### TRY IT
Pictures are not part of the copy. Set down exactly the lines from the one containing "Image at 2.1 s after image 1." through the last line of the material below.
BEGIN
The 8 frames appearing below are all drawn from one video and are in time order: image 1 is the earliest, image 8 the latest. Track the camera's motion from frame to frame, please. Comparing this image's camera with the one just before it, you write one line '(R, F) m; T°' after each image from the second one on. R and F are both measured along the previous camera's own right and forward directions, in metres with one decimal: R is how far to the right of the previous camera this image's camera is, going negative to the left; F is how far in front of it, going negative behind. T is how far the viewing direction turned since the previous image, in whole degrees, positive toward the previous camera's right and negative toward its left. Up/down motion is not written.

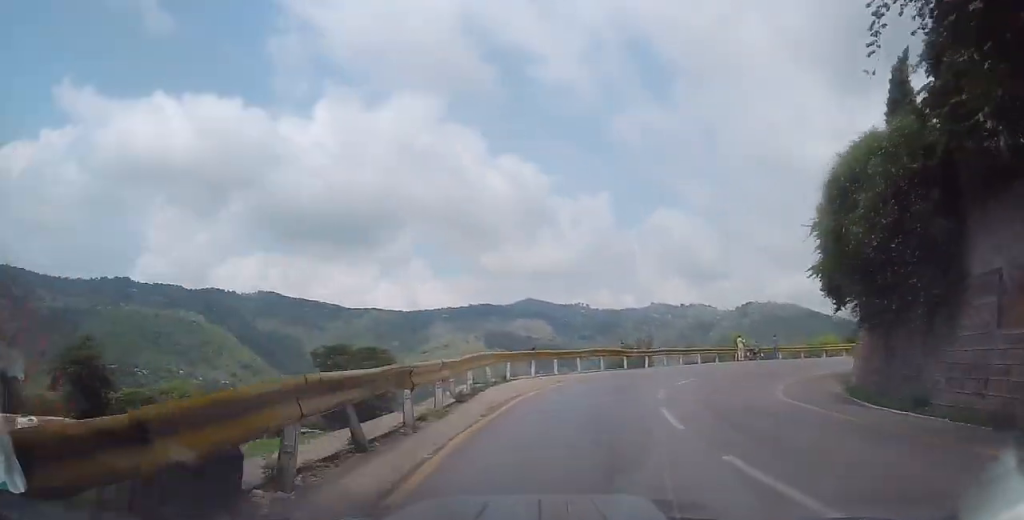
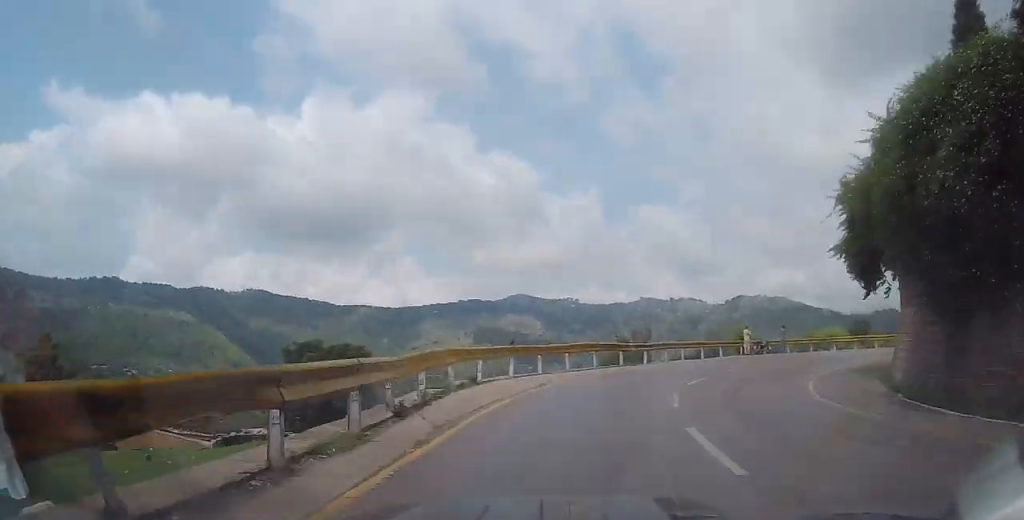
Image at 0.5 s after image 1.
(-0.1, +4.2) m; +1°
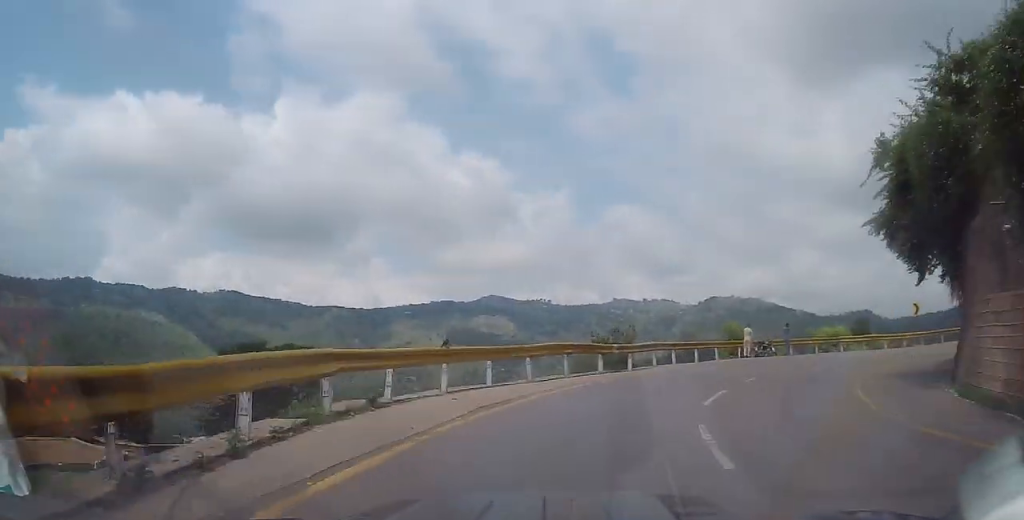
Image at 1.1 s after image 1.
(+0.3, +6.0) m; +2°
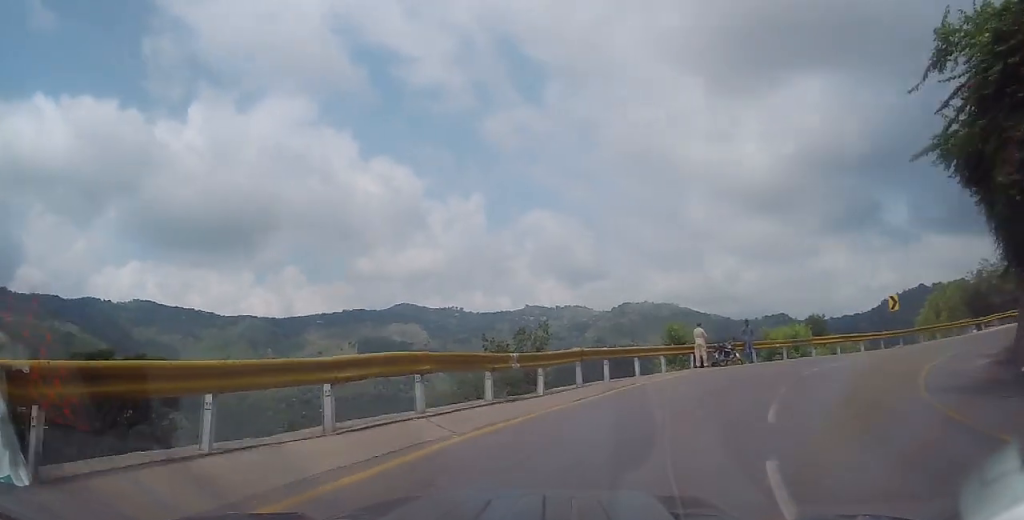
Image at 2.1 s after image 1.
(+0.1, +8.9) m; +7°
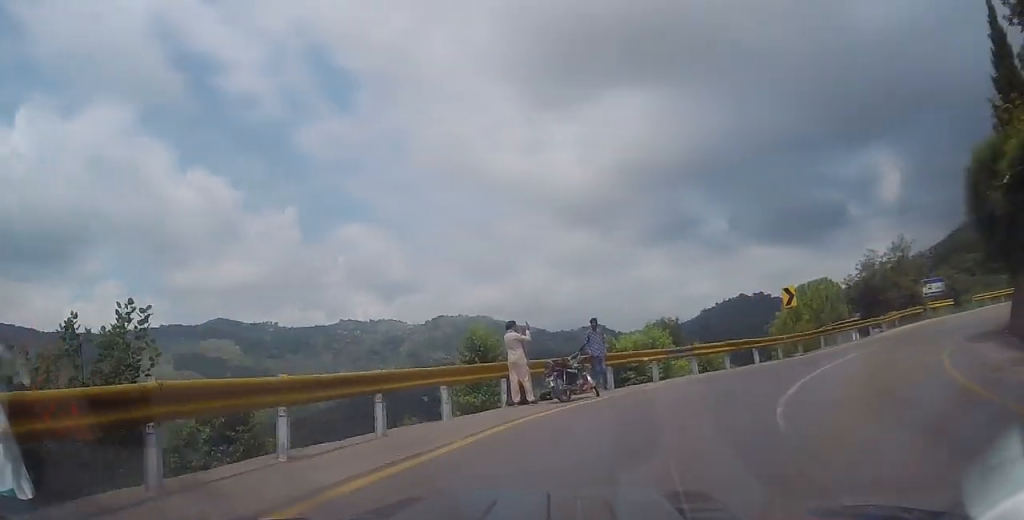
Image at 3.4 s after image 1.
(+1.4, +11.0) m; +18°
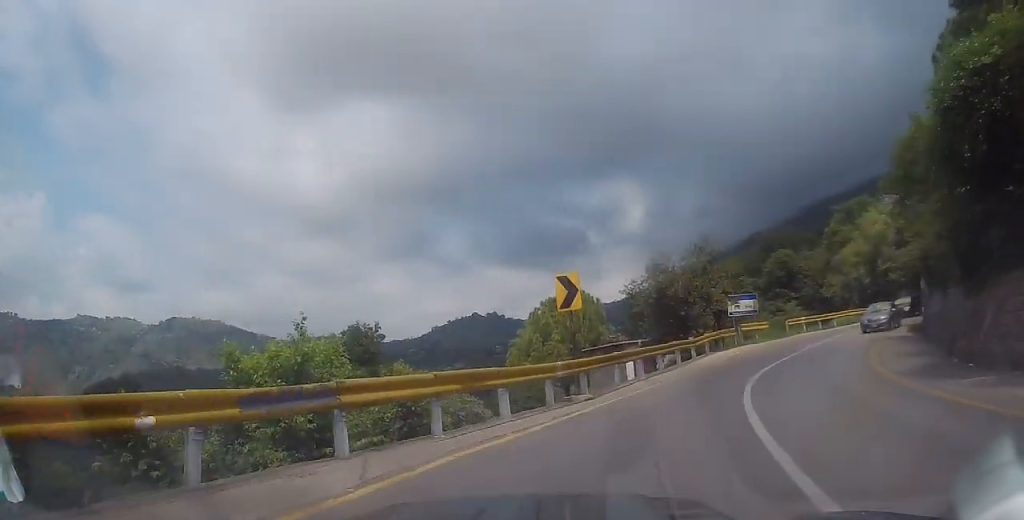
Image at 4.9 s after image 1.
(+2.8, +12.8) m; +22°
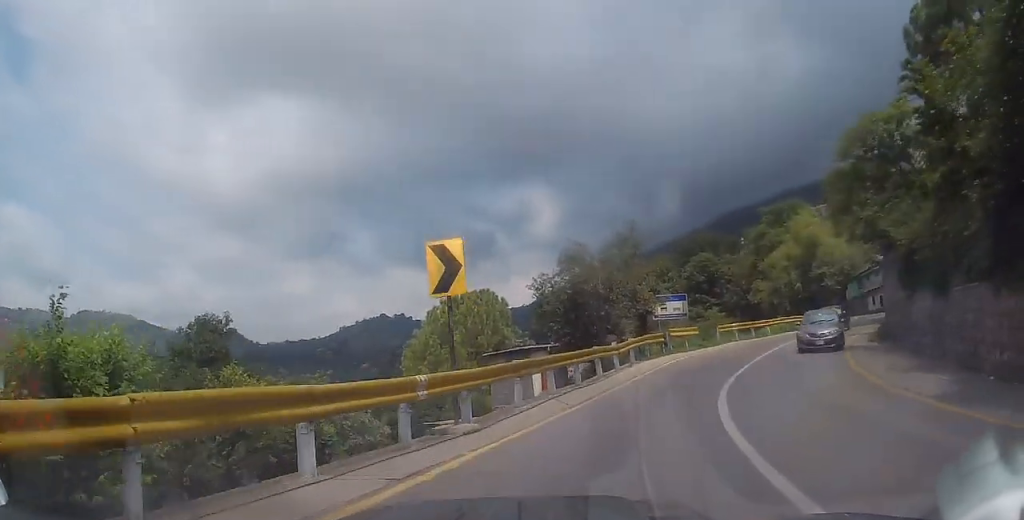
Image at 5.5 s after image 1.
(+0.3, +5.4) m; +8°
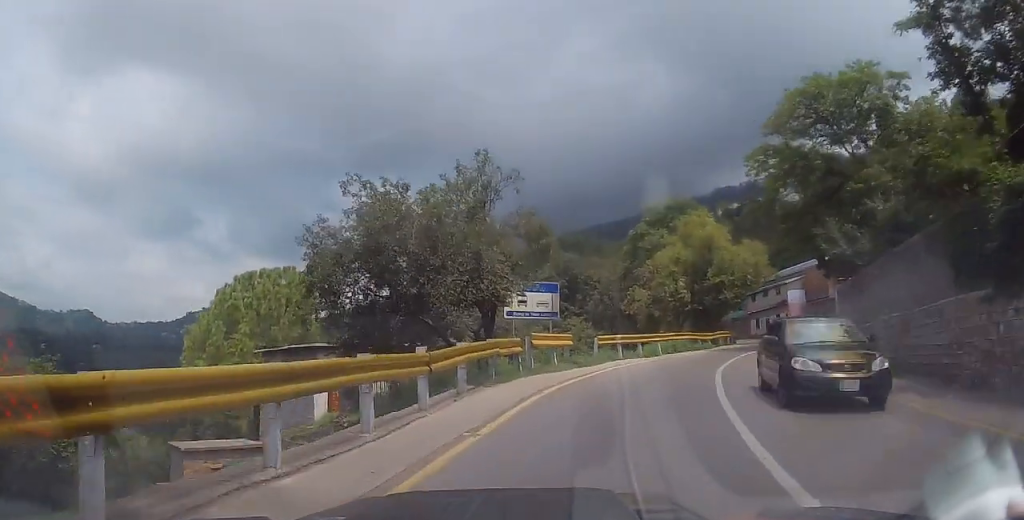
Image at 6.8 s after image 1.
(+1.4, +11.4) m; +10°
END
### SOLVED PROBLEM
Image at 2.1 s after image 1.
(+0.1, +8.9) m; +7°
Image at 3.4 s after image 1.
(+1.4, +11.0) m; +18°
Image at 4.9 s after image 1.
(+2.8, +12.8) m; +22°
Image at 5.5 s after image 1.
(+0.3, +5.4) m; +8°
Image at 6.8 s after image 1.
(+1.4, +11.4) m; +10°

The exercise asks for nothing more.